Every citizen will be identifiable on a labor data base that will confirm at the supply depot that they have put in at least their minimum required labor hours for their supply packages. All you will need at the depot is your card identifying who you are. If you want to call the digitally tracked labor hours under your name "coupons" that's up to you.
No, what things are called is of little import. Yes, that is much like the alternative I suggested:
"Perhaps the production centers sends to the government monthly statements of how many hours each of the people working there worked each, and then the government mails to them hard to counterfeit green certificates ..."
But better as less costly, with no postal expense (just computer to computer data transfers or electronic "certificate printing") and avoids the possibility that the worker might lose his certificate. The data goes directly to all the supply depots in the US (you may move to another state).
Are the benefits derived from having doctors, airline pilots, machinists, welders, police and firefighters worthless to humanity without money?

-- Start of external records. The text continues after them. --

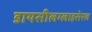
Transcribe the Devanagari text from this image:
डायसीलग्लाइसेरल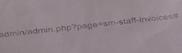
Signature authenticity: genuine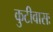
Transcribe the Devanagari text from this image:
कुटीवासः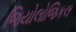
જિયોલોજિકલ

If everyone just applied their energy to only menial activities, humanity would quickly notice the lose of the benefits from pursuing the other fields. That, in itself, would be a great incentive to spur activity in those fields that greatly improve human life. Do you want people, maybe someone you know and love, to die of appendicitis? The benefits of so many fields are too precious to people to be made irrelevant just because there's no money involved in their pursuit. For thousands of years humankind pursued its food without the reward of money. What greater evidence is there that humans will pursue what they want without the incentive of money?

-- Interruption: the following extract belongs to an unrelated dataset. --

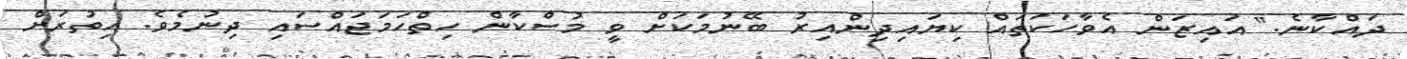
ދައްކާނެ." އައިޒަން އެވާހަކަތައް ކިޔައިދިންއިރު ބޭނުމަކަށް ވީ މުސްކާން ހިތްހަމަޖައްސައި ދިނުމެވެ. އިތުރަށް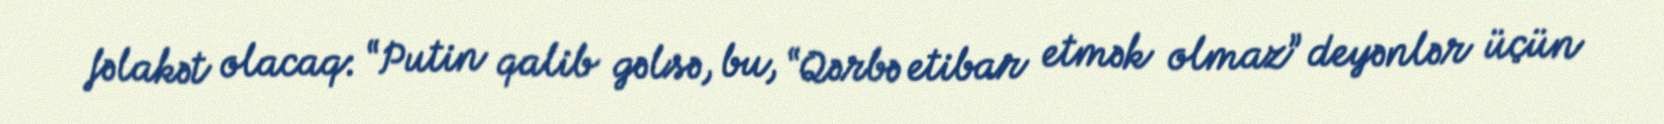
fəlakət olacaq: “Putin qalib gəlsə, bu, “Qərbə etibar etmək olmaz” deyənlər üçün

That is the wrong conclusion to draw from last part, now bold. Correct conclusion is people work to get what money will buy. Societies can and have existed without money but always have some way to reward those whose work contribute greater benefit to the society more than the "free loaders" or those who create little value. HUMANS NEED INCENTIVES TO DO THING THEY DON'T LIKE DOING, but are needed.
(For slave based societies, these incentives are usually harsh - Do this job and you can eat and not be whipped.) -
I agree money is not essential.
Do you remember popular song: "take this job and shove it..." (Few enjoy their work itself so much that they would do it even is the pay were zero.)
Money also has nothing to do with reason why people will chose to work at easier jobs that require only a day or less of instructions as to how to do, rather than spend about 6 years of study in Med school a two years of internship after graduation. Money is just a convenient, very flexible, automatic accounting system that facilitates exchange of your man-hours of labor for the man-hours invested in the thing you want and can afford.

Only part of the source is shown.